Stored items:
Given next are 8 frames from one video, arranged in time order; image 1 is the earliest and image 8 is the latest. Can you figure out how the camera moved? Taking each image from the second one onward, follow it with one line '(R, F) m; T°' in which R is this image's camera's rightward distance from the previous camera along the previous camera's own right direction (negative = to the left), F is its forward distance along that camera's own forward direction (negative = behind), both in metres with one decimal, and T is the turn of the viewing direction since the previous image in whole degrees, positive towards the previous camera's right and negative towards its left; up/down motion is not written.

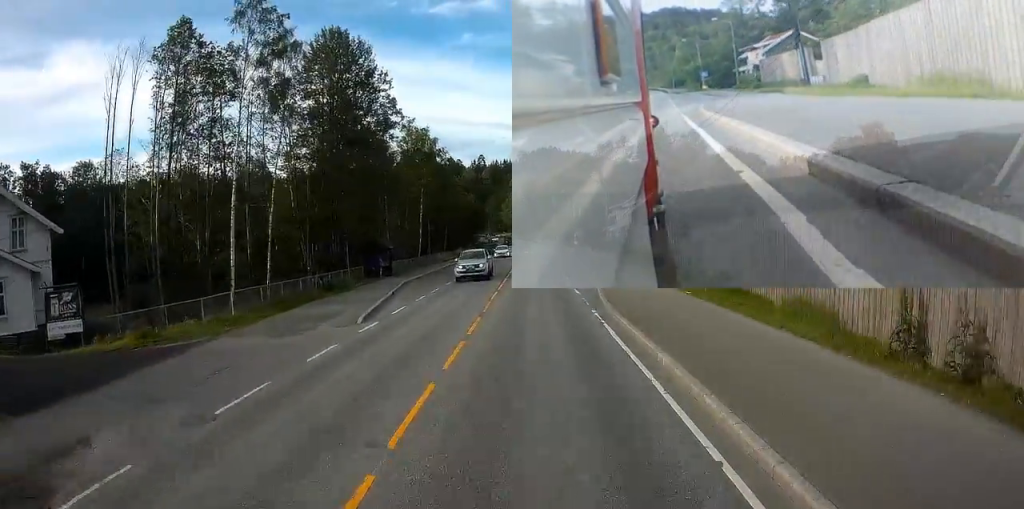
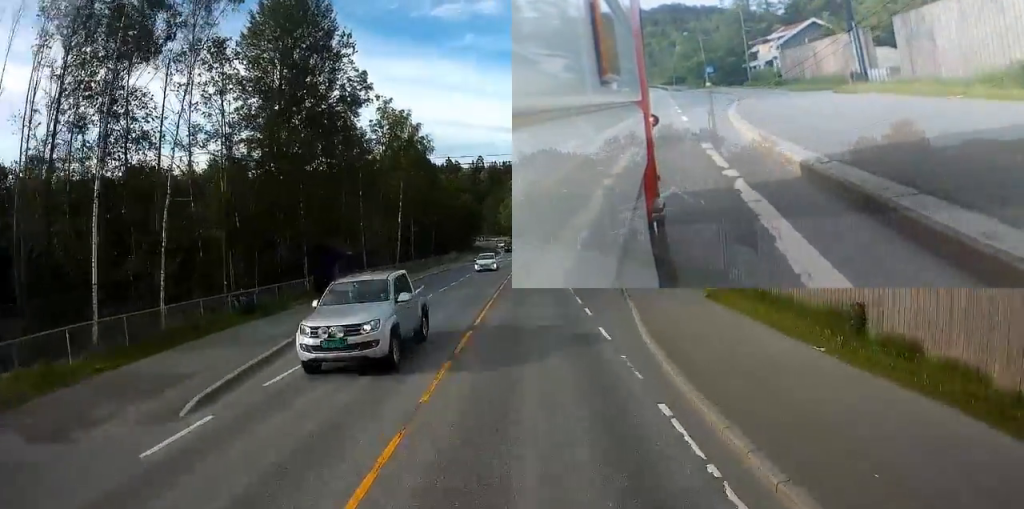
(+0.1, +9.9) m; +1°
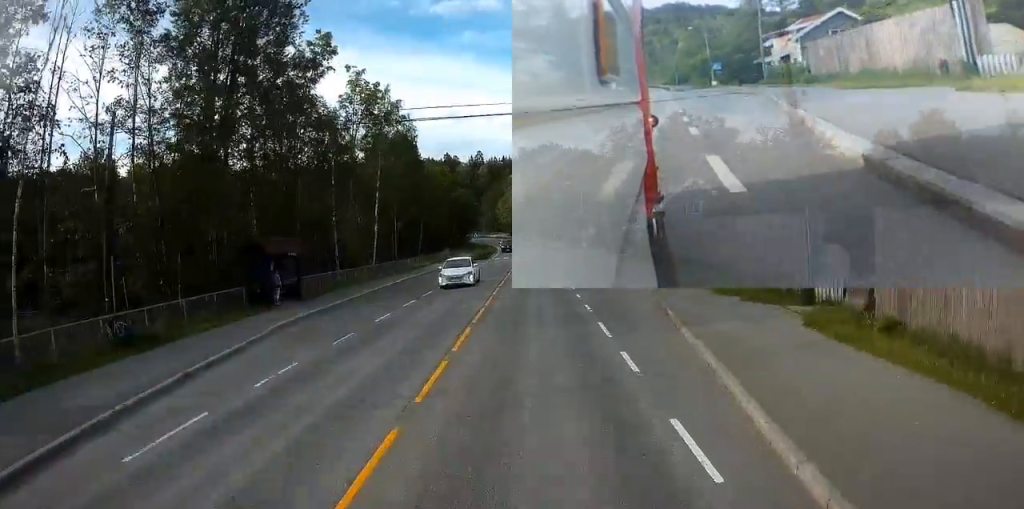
(+0.1, +8.3) m; 0°
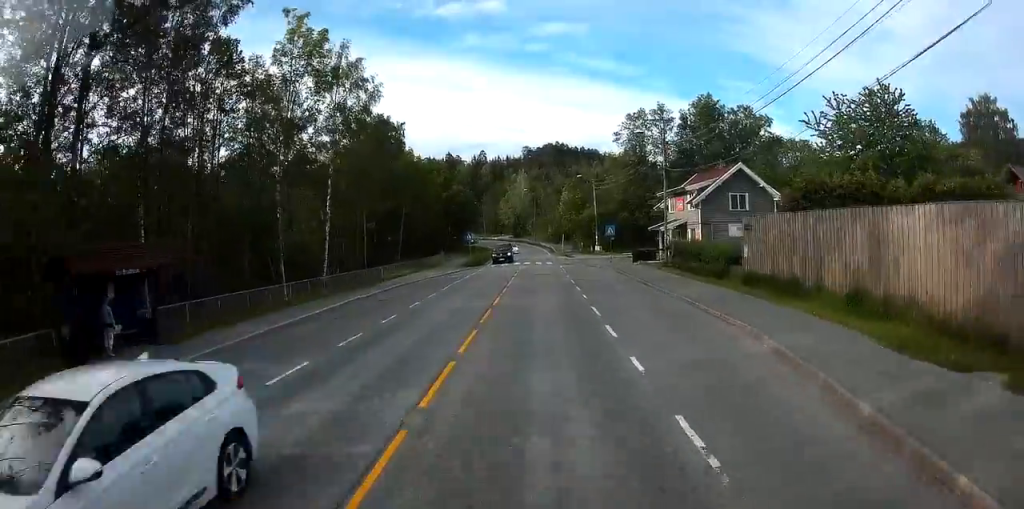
(-0.1, +12.2) m; -1°
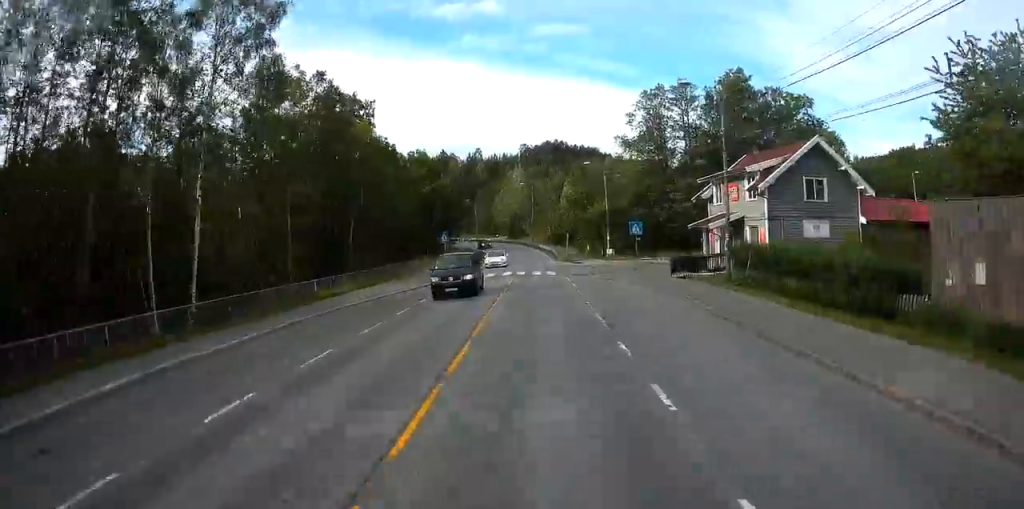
(-0.2, +14.2) m; -1°
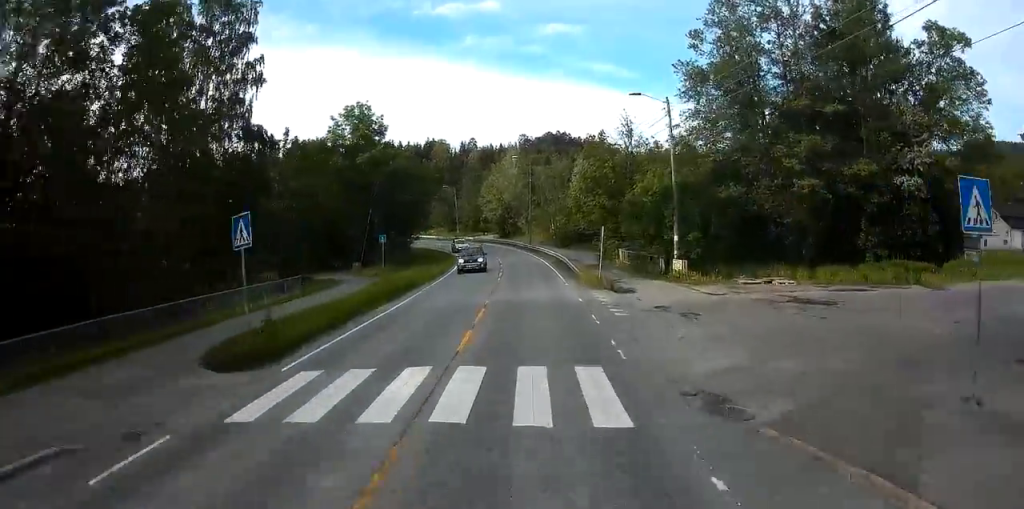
(0.0, +29.9) m; +1°
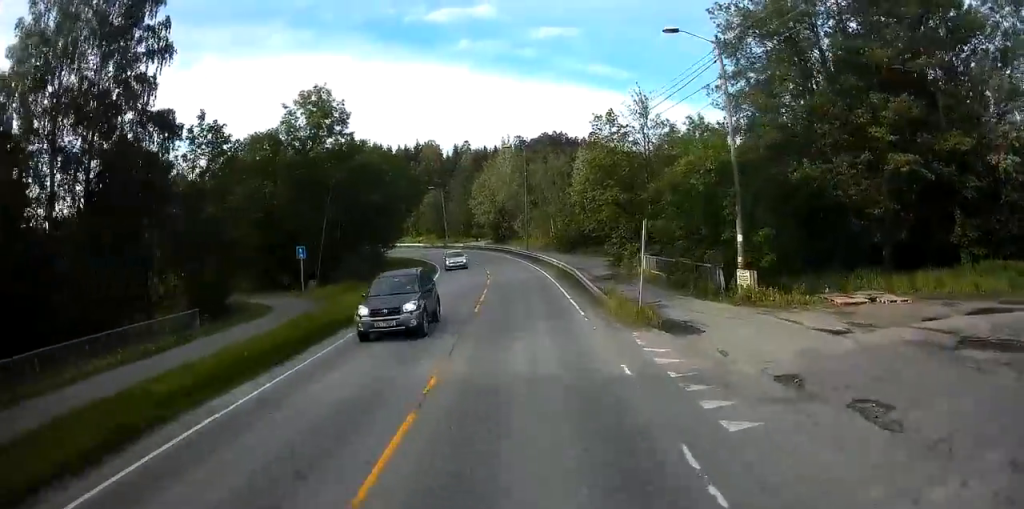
(0.0, +10.4) m; 0°
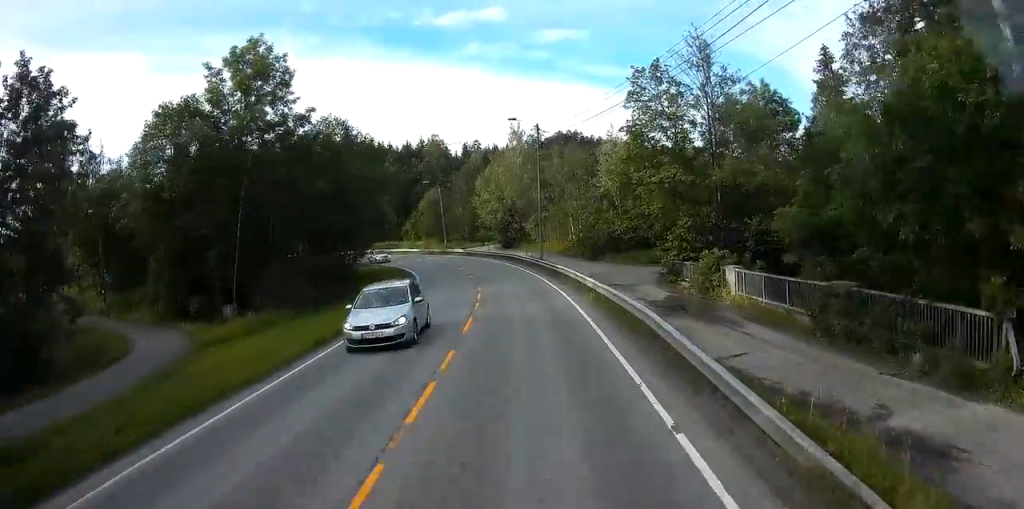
(-0.1, +14.2) m; -1°
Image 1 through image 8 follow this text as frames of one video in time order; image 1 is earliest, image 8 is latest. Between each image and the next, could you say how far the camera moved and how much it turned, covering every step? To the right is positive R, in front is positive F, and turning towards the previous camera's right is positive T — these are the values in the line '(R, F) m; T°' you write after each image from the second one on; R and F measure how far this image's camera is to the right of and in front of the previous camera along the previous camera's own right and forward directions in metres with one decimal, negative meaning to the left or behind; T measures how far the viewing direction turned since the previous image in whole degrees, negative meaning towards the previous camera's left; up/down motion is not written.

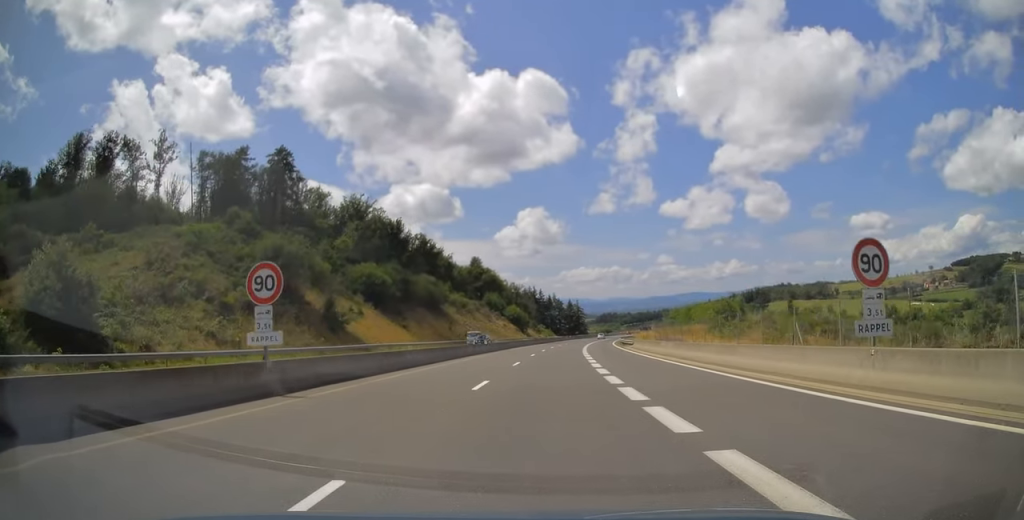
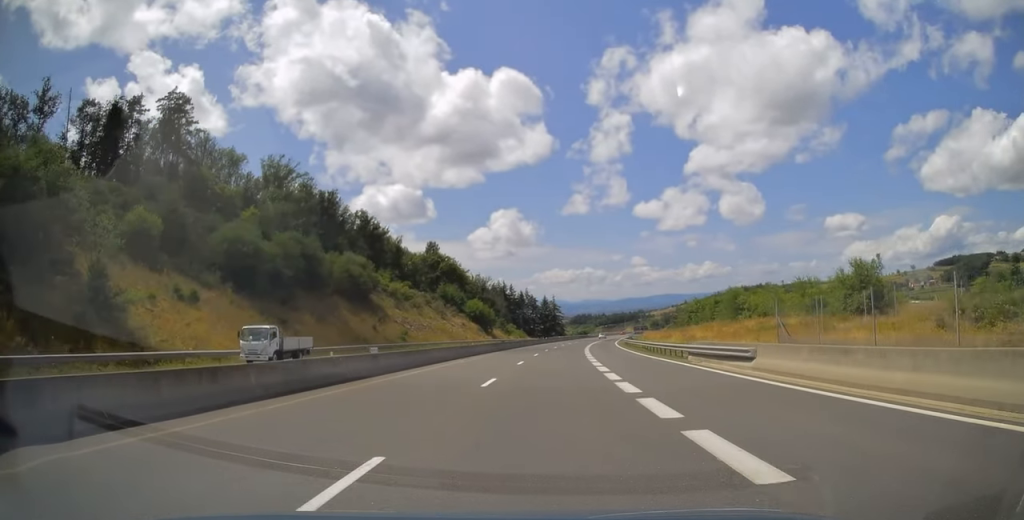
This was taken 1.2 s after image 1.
(+0.8, +37.6) m; +3°
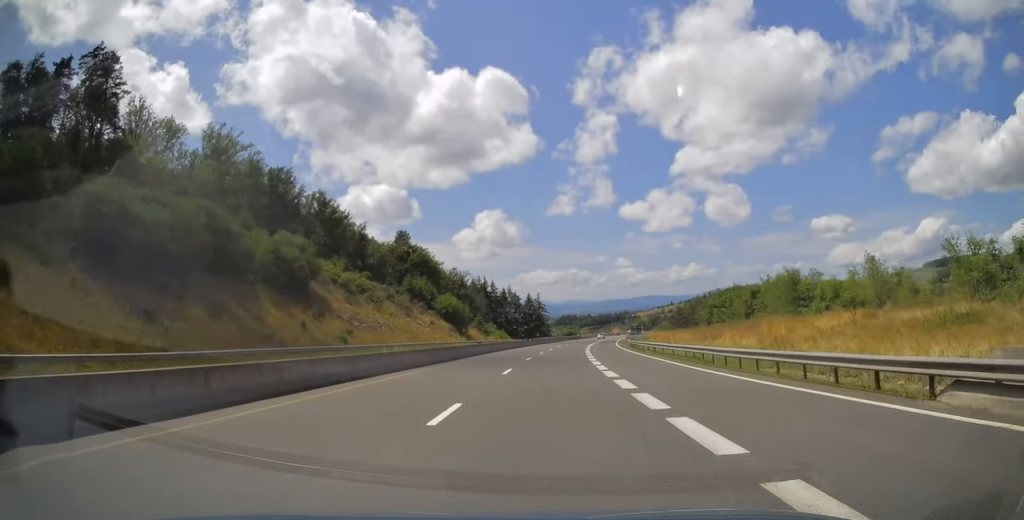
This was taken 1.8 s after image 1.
(+0.3, +20.4) m; +1°
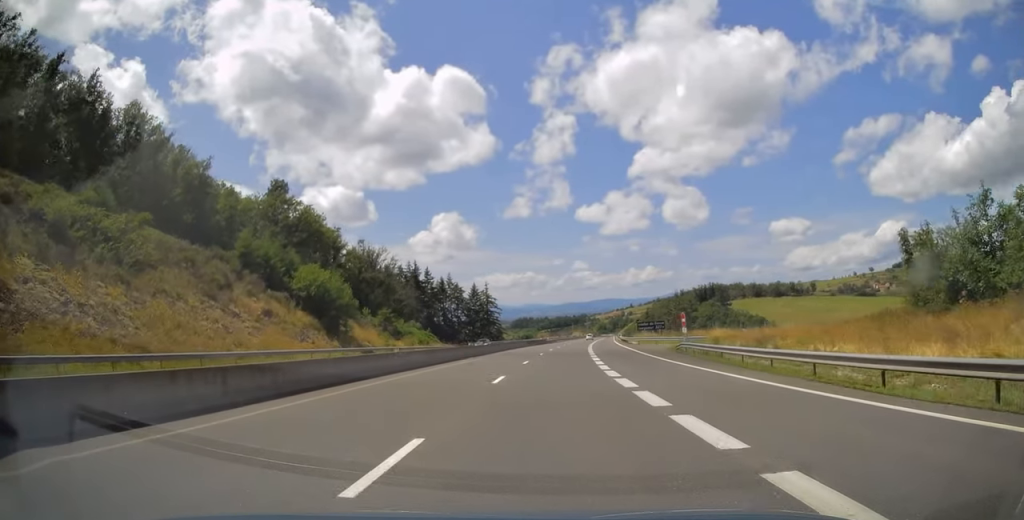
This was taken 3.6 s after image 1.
(+2.5, +55.8) m; +7°
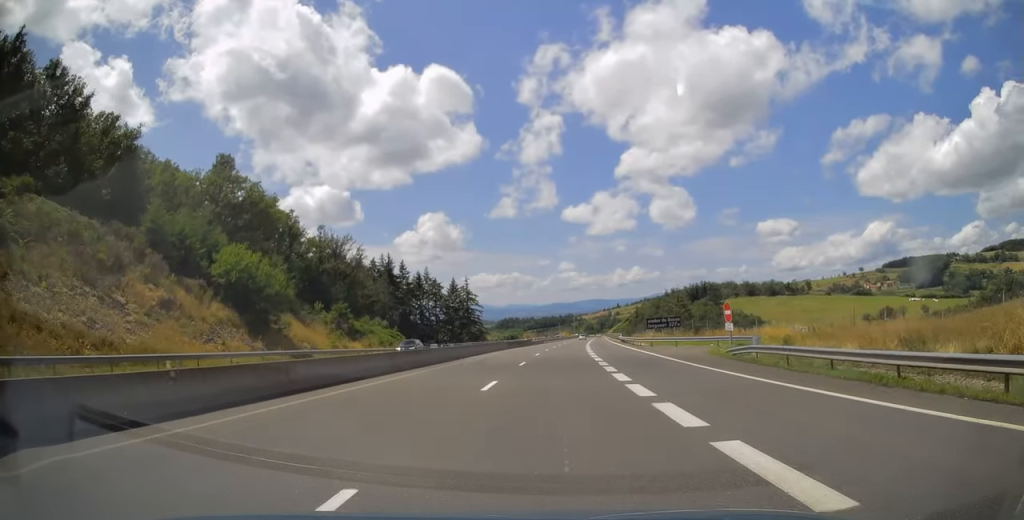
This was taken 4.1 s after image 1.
(+0.9, +15.6) m; +2°
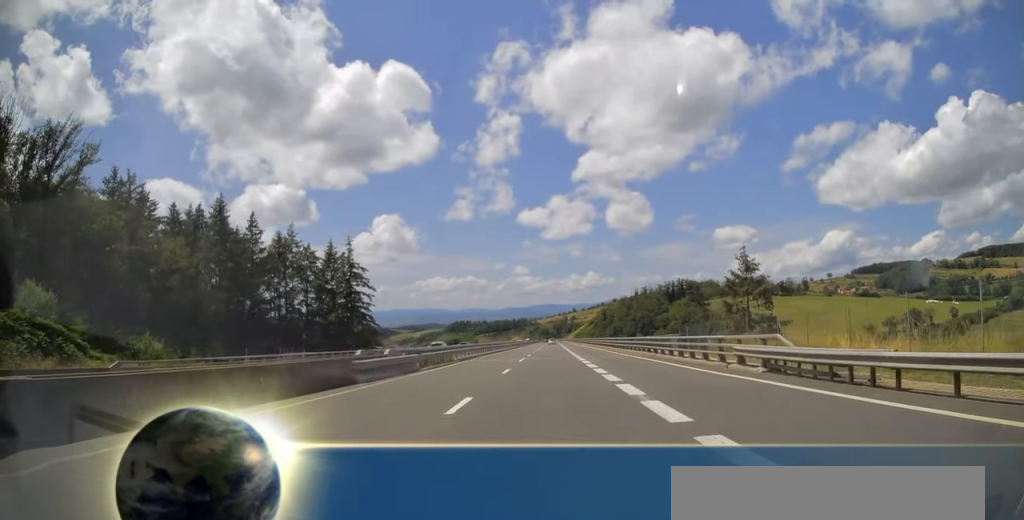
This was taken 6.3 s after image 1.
(+1.3, +68.8) m; +1°
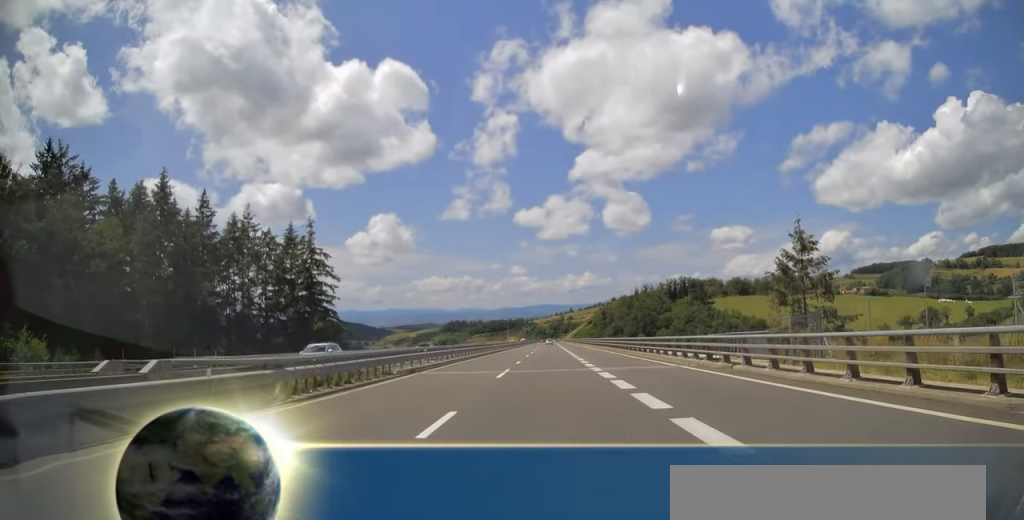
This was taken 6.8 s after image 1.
(0.0, +15.6) m; 0°
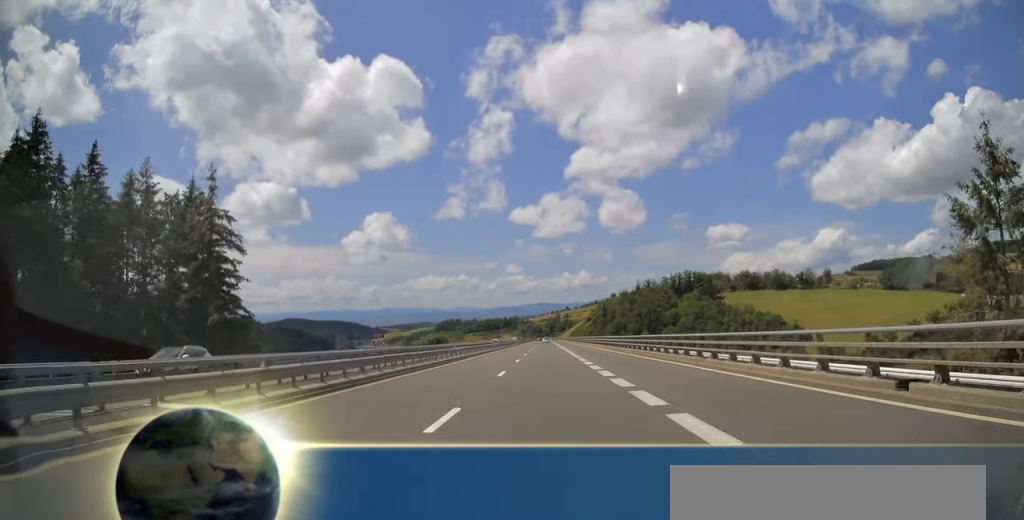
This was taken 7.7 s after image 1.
(0.0, +25.6) m; 0°

== WHAT IS EXPECTED ==
Pictures aside, restate the entries word for word.

== TASK OUTPUT ==
Given next are 8 frames from one video, arranged in time order; image 1 is the earliest and image 8 is the latest. Can you figure out how the camera moved? Taking each image from the second one onward, follow it with one line '(R, F) m; T°' in which R is this image's camera's rightward distance from the previous camera along the previous camera's own right direction (negative = to the left), F is its forward distance along that camera's own forward direction (negative = behind), both in metres with one decimal, and T is the turn of the viewing direction since the previous image in whole degrees, positive towards the previous camera's right and negative towards its left; up/down motion is not written.

(+0.1, +9.9) m; +1°
(+0.1, +8.3) m; 0°
(-0.1, +12.2) m; -1°
(-0.2, +14.2) m; -1°
(0.0, +29.9) m; +1°
(0.0, +10.4) m; 0°
(-0.1, +14.2) m; -1°
Image 1 through image 8 follow this text as frames of one video in time order; image 1 is earliest, image 8 is latest. Between each image and the next, could you say how far the camera moved and how much it turned, covering every step? To the right is positive R, in front is positive F, and turning towards the previous camera's right is positive T — these are the values in the line '(R, F) m; T°' you write after each image from the second one on; R and F measure how far this image's camera is to the right of and in front of the previous camera along the previous camera's own right and forward directions in metres with one decimal, negative meaning to the left or behind; T measures how far the viewing direction turned since the previous image in whole degrees, negative meaning towards the previous camera's left; up/down motion is not written.

This was taken 1.2 s after image 1.
(+0.8, +37.6) m; +3°
This was taken 1.8 s after image 1.
(+0.3, +20.4) m; +1°
This was taken 3.6 s after image 1.
(+2.5, +55.8) m; +7°
This was taken 4.1 s after image 1.
(+0.9, +15.6) m; +2°
This was taken 6.3 s after image 1.
(+1.3, +68.8) m; +1°
This was taken 6.8 s after image 1.
(0.0, +15.6) m; 0°
This was taken 7.7 s after image 1.
(0.0, +25.6) m; 0°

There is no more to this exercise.